Caching Matplotlib with Memcache (Wont Pickle)

2019-04-09 21:37发布

问题:

I have a chart that is rendered takes 3 seconds and then subcharts that can be made from said chart where things are added to it. I want to cache the axes from the main chart so that I can retrieve it and modify it later when rendering the subcharts. How can I get past this error?

Heres a sample test code:

import pylibmc
cache = pylibmc.Client(["127.0.0.1"], binary=True, behaviors={"tcp_nodelay": True, "ketama": True})
import matplotlib.pyplot as plt


cache_name = 'test'
fig = plt.figure(figsize=(20, 7))
ax = fig.add_axes([0, 0.15, 0.98, 0.85])
cache.set(cache_name, ax, 300)

Which gives the following error:

cPickle.PicklingError: Can't pickle <type 'function'>: attribute lookup __builtin__.function failed

Is there anyway I could get this to work?

回答1:

There are discussion out there regarding the desire for matplotlib figures to be able to be serialized. I haven't seen anything that reports this has been addressed or even accepted as a goal. So if you try to send them over the wire to memcached, its obviously going to fail. The discussions that I have found when searching suggest that the current design of matplotlib doesn't cater to this goal easily, and it would require a refactor of the internals. Reference: http://old.nabble.com/matplotlib-figure-serialization-td28016714.html

What you could do, to dramatically reduce your execution time, is to reorganize your data into a dataset, and only call ax.bar() once. The dataset can then be serialized and stored in whatever format you want (into memcached for instance).

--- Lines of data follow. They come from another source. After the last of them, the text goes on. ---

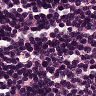
Metastatic tissue present: no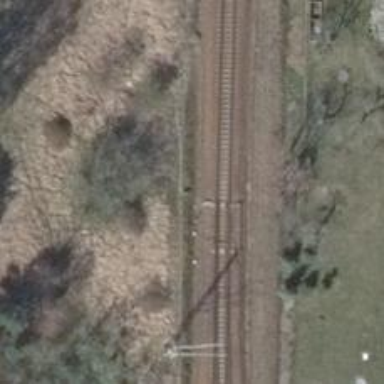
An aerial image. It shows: Abandoned railway.
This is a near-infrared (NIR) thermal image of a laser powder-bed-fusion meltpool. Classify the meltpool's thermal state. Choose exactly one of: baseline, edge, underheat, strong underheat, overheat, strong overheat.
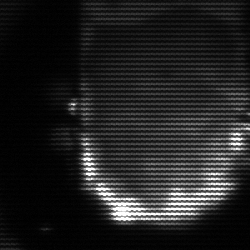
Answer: baseline

Here is a code example showing the test between your approach, and one that combines them into a dataset. You can view it here more easily if you want: https://gist.github.com/2597804

import matplotlib.pyplot as plt
from random import randint 
from time import time 

DATA = [
    (i, randint(5,30), randint(5,30), randint(30,35), randint(1,5)) \
    for i in xrange(1, 401)
]

def mapValues(group):
    ind, open_, close, high, low = group
    if open_ > close: # if open is higher then close
        height = open_ - close # heigth is drawn at bottom+height
        bottom = close
        yerr = (open_ - low, high - open_)
        color = 'r' # plot as a white barr
    else:
        height = close - open_ # heigth is drawn at bottom+height
        bottom = open_
        yerr = (close - low, high - close)
        color = 'g' # plot as a black bar

    return (ind, height, bottom, yerr, color)

#
# Test 1
#
def test1():
    fig = plt.figure()
    ax = fig.add_subplot(111)

    data = map(mapValues, DATA)

    start = time()

    for group in data: 

        ind, height, bottom, yerr, color = group

        ax.bar(left=ind, height=height, bottom=bottom, yerr=zip(yerr), 
                color=color, ecolor='k', zorder=10,
                error_kw={'barsabove': False, 'zorder': 0, 'capsize': 0}, 
                alpha=1)

    return time()-start

#
# Test 2
#
def test2():
    fig = plt.figure()
    ax = fig.add_subplot(111)

    # plotData can be serialized
    plotData = zip(*map(mapValues, DATA))

    ind, height, bottom, yerr, color = plotData

    start = time()

    ax.bar(left=ind, height=height, bottom=bottom, yerr=zip(*yerr), 
            color=color, ecolor='k', zorder=10,
            error_kw={'barsabove': False, 'zorder': 0, 'capsize': 0}, 
            alpha=1)

    return time()-start


def doTest(fn):
    end = fn()
    print "%s - Sec: %0.3f, ms: %0d" % (fn.__name__, end, end*1000)



if __name__ == "__main__":
    doTest(test1)
    doTest(test2)

    # plt.show()

Results:

python plot.py 
test1 - Sec: 1.592, ms: 1592
test2 - Sec: 0.358, ms: 357


回答2:

As of matplotlib 1.2 you should be able to pickle and unpickle figures.

This is very much an "experimental" feature, but if you do find any issues, please let us know on the mpl mailing list or by raising an issue on github.com/matplotlib/matplotlib

HTH



回答3:

Looking at the documentation, it would appear that fig.add_axes() takes a tuple as an argument, where you're passing a list. As such, it's not returning the Axes object (since it isn't being created), so ax is being assigned the function itself.